From 849f232e418aaca95f2842ab731eba847c580056 Mon Sep 17 00:00:00 2001
From: Hao Wu <hwu27@gmu.edu>
Date: Wed, 18 Mar 2026 23:57:43 +0000
Subject: [PATCH 3/7] [FIX] Validate bitwidth equality for bitcast in
 constexpr.to()

Triton's semantic.cast() raises ValueError when source and destination
primitive bitwidths differ for bitcast.
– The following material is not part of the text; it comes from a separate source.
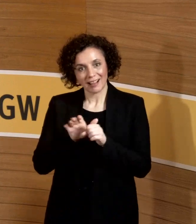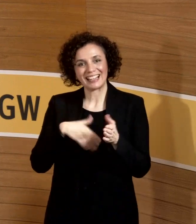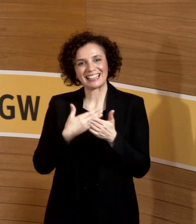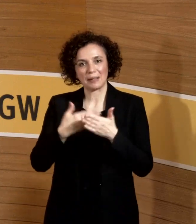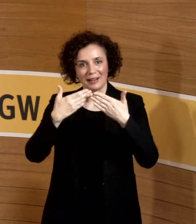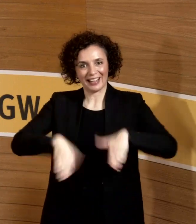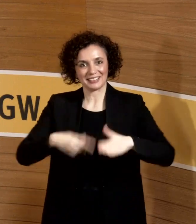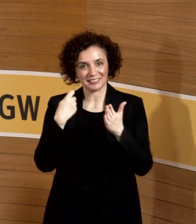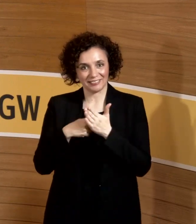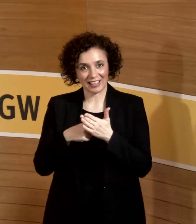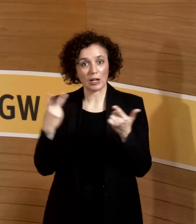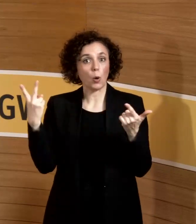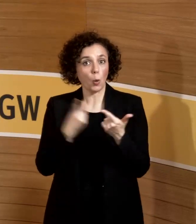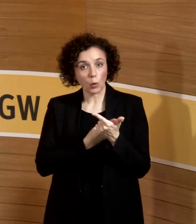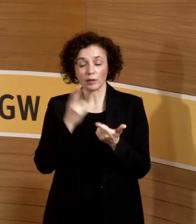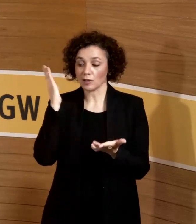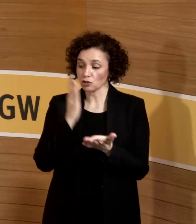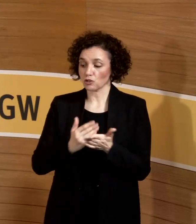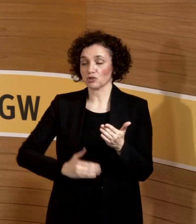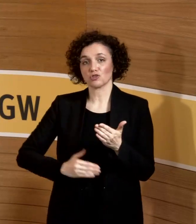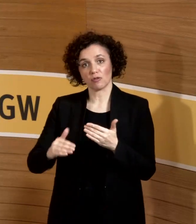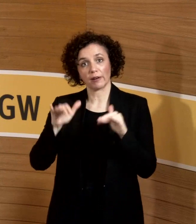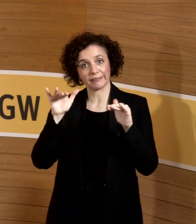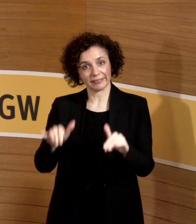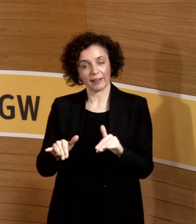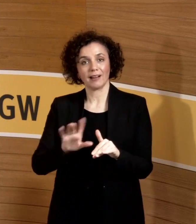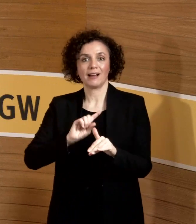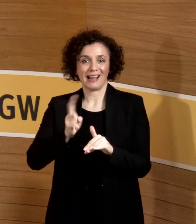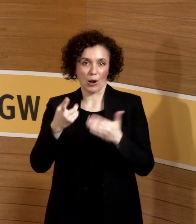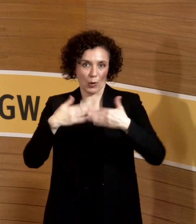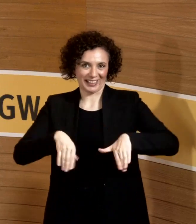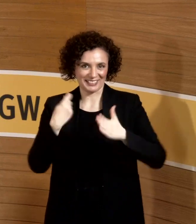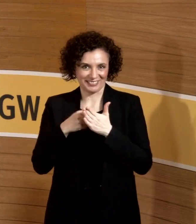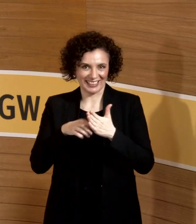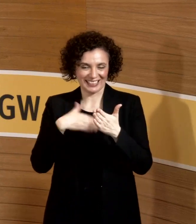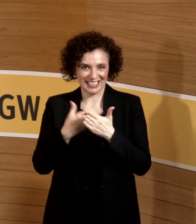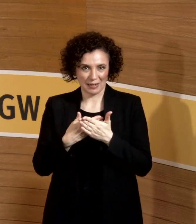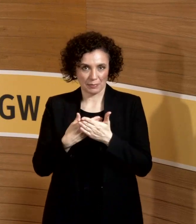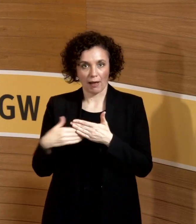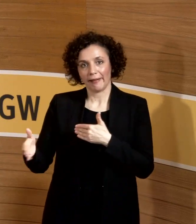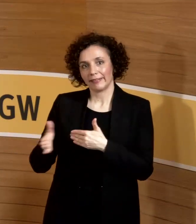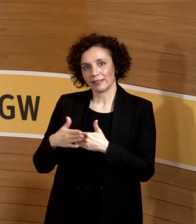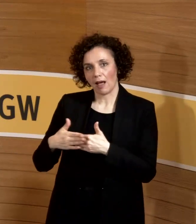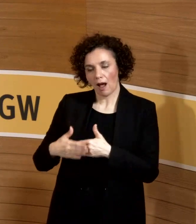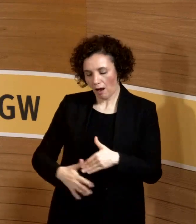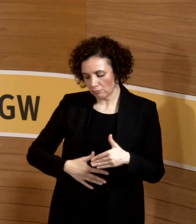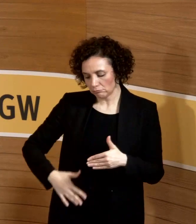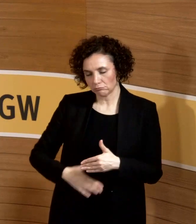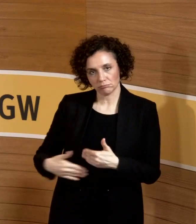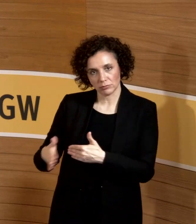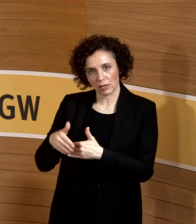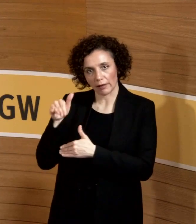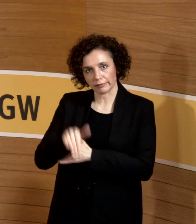Schwangere. Es ist nicht so, dass es gar nicht geht, aber es muss gemessen werden, natürlich in Uterosnähe, Gesamtdosis über die gesamte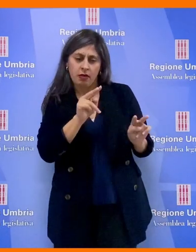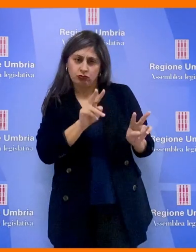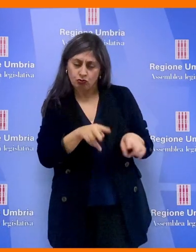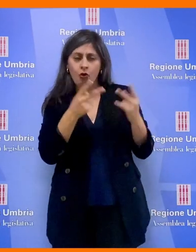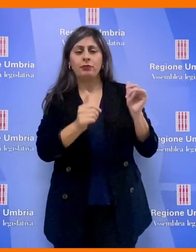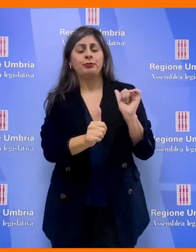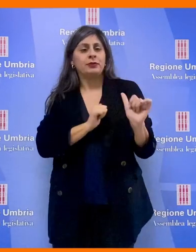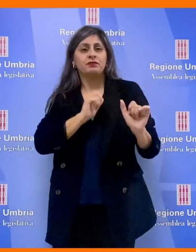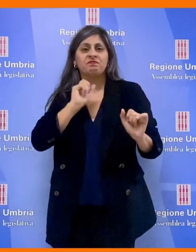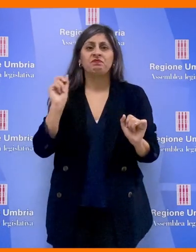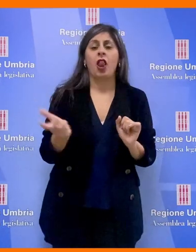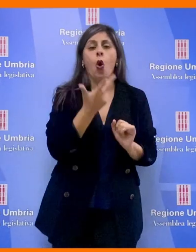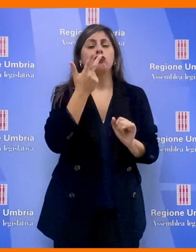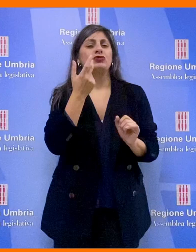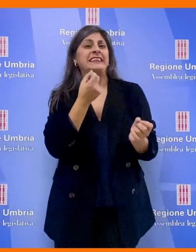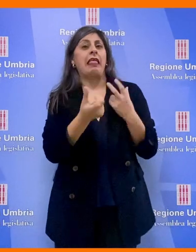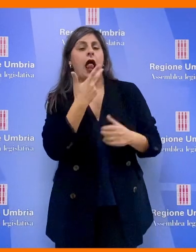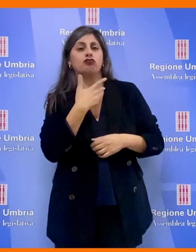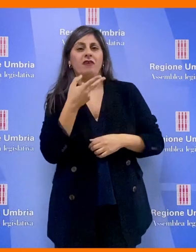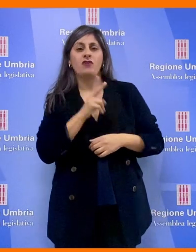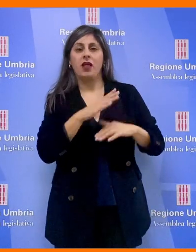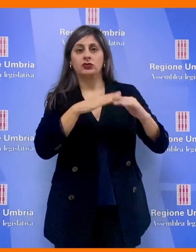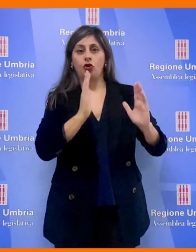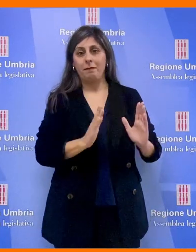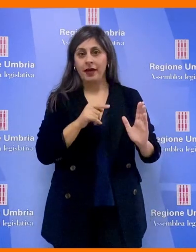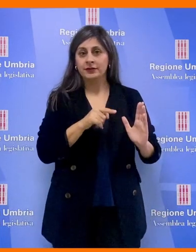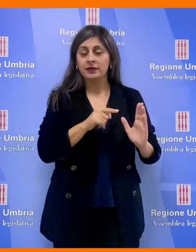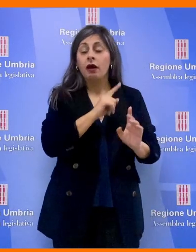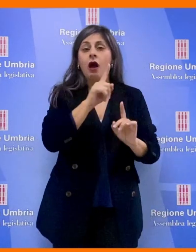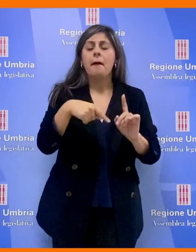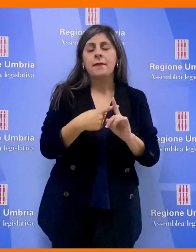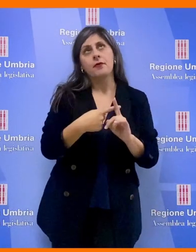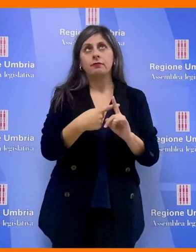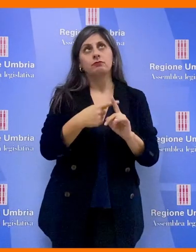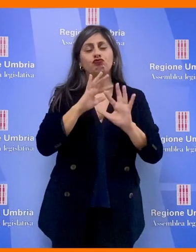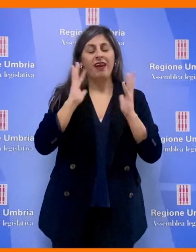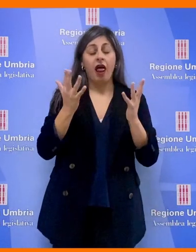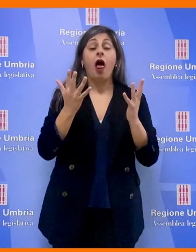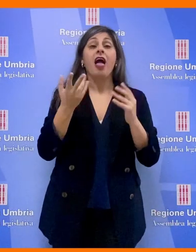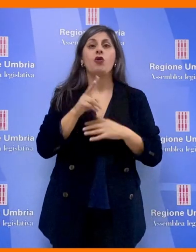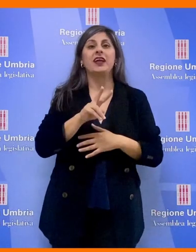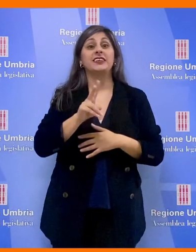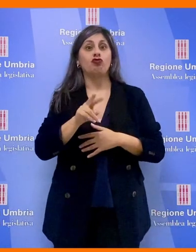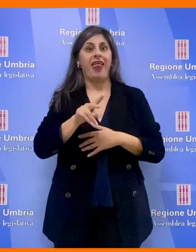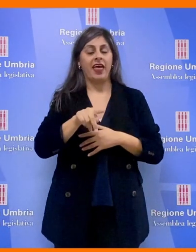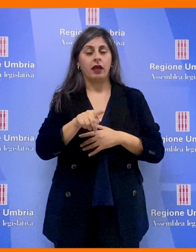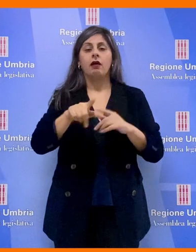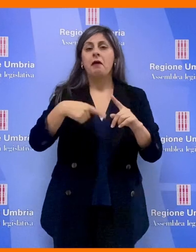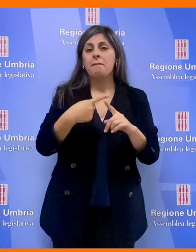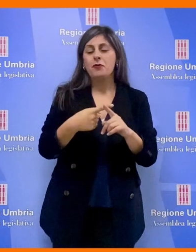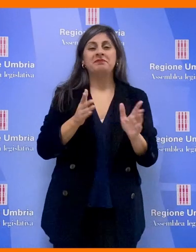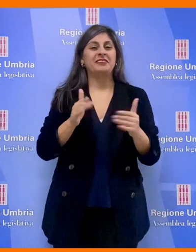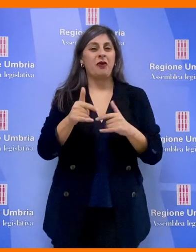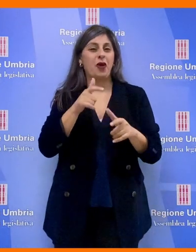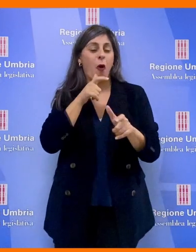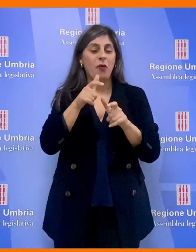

Our interpreter-mode
_constexpr_to was silently truncating via a bytes slice instead.
Add an explicit size check and remove the unnecessary slice.
---
 tests/end_to_end/test_sanitizer.py |  90 ++++++++++++++++++++++
 triton_viz/core/patch.py           | 117 ++++++++++++++++++++++++-----
 2 files changed, 189 insertions(+), 18 deletions(-)

diff --git a/tests/end_to_end/test_sanitizer.py b/tests/end_to_end/test_sanitizer.py
index 1ec917c3..e73ab1b7 100644
--- a/tests/end_to_end/test_sanitizer.py
+++ b/tests/end_to_end/test_sanitizer.py
@@ -1378,3 +1378,93 @@ def test_reinterpret_tensor_wrapper():
     x = torch.ones(N, dtype=torch.float16, device="cpu")
     y = torch.empty(N, dtype=torch.float16, device="cpu")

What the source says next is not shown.